Resulta especialmente interesante cómo Dan Saffer introduce la idea de considerar la IA como una posible autoridad creativa. Ese planteamiento abre un debate profundo sobre legitimidad, responsabilidad y autoría que, por sí solo, merecería un análisis aparte.

Se habla también de metacognitive laziness: la tendencia a delegar sin procesar.

Pero quizá lo más revelador sea la advertencia sobre la trampa de la eficiencia absoluta: ese proceso que iniciamos con la intención de optimizar por velocidad, pero que termina reduciendo la exploración y la reflexión.

También se propone algo clave desde el punto de vista estratégico: preservar la dificultad significativa. No todo esfuerzo debe eliminarse. Parte del valor está precisamente en el proceso de pensar y exigirse a uno mismo.

Este punto recuerda aquel debate de si Google nos estaba volviendo más superficiales al pensar. Con la IA, la conexión es aún más delicada: ya no solo delegamos la búsqueda, también parte de la elaboración del juicio.

Más contenido no significa más valor

El coste marginal de generar texto hoy es prácticamente cero. El coste de generar criterio sigue siendo muy alto.

Esa asimetría es el verdadero cambio. La diferenciación ya no estará en quién produce más, sino en quién decide mejor, quién filtra, quién estructura y quién asume la responsabilidad sobre lo que publica o diseña. Es la misma lógica de calidad frente a volumen.

Suena familiar. Como si estuviéramos reviviendo una vez más la historia digital: en la época del nacimiento de los blogs, crear uno era muy fácil y llevaba solo unos minutos. Publicar era sencillo. Los feeds hacían el resto. La promesa era la democratización. La consecuencia fue la saturación.
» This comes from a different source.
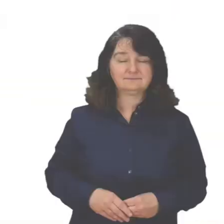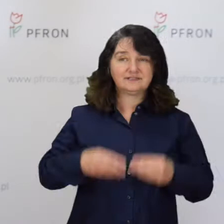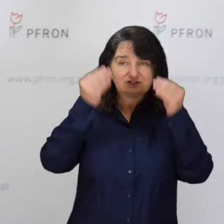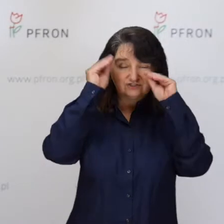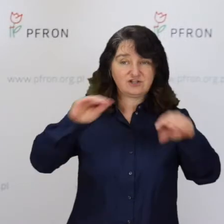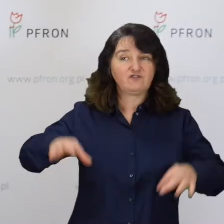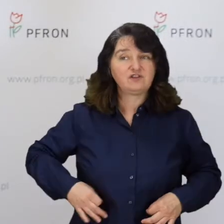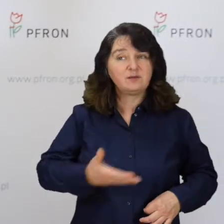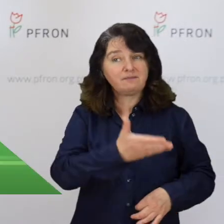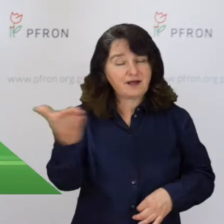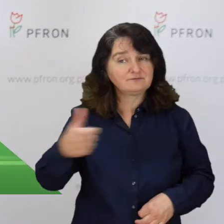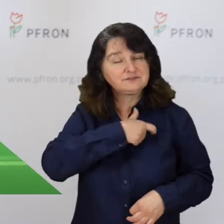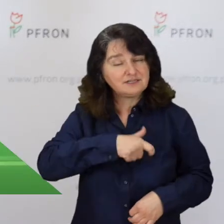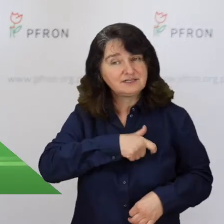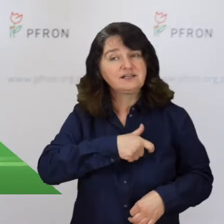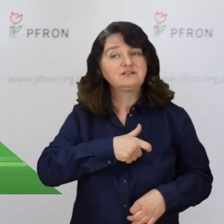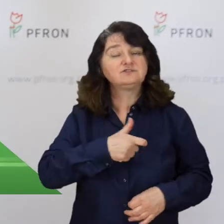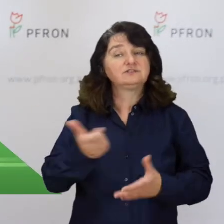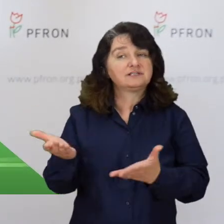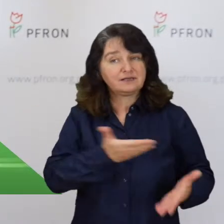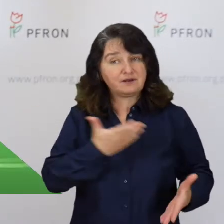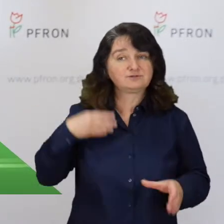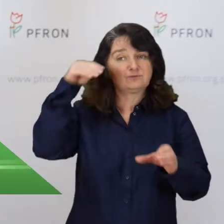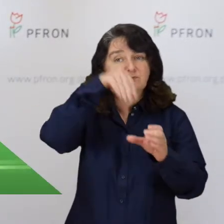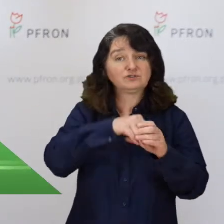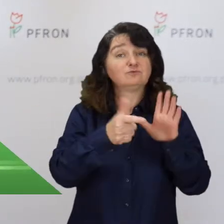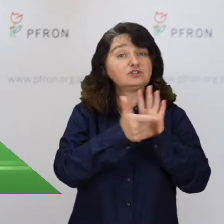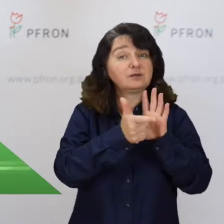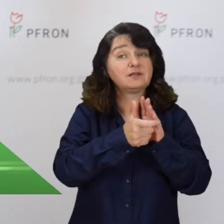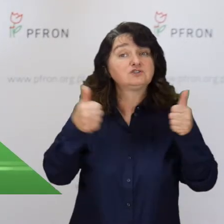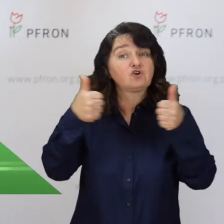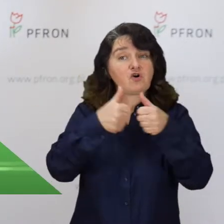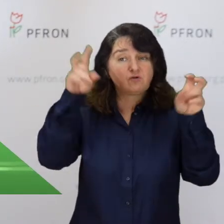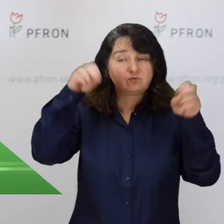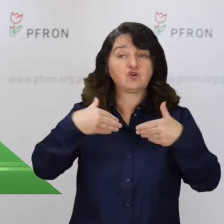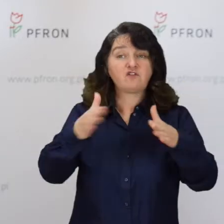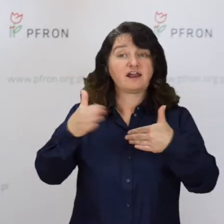Szanowni Państwo, serdecznie zapraszam do udziału w XVII już konkursie „Otwarte Drzwi”.

Ahora la fricción es aún menor. No solo publicar es fácil. Pensar "aparentemente" también lo es.

Pero la historia se repite: cuando la producción se abarata, el valor se desplaza. Ya no está en la capacidad de generar. Está en la capacidad de decidir con criterio, de separar lo valioso de lo irrelevante. Y eso nunca ha sido automático.

La cuestión estratégica

El fenómeno AI;DR no habla de una tecnología defectuosa. Habla de saturación sin trasfondo, de procesos sin un criterio claro y de producción sin intención.

Volviendo a la pregunta inicial: ¿es la inteligencia artificial el problema? Claramente no. La IA no es el problema. Es un acelerador.

Y como cualquier acelerador, solo amplifica la dirección que ya llevábamos. La cuestión estratégica no es qué puede hacer la IA. La cuestión es si estamos definiendo criterios claros para integrarla en decisiones reales.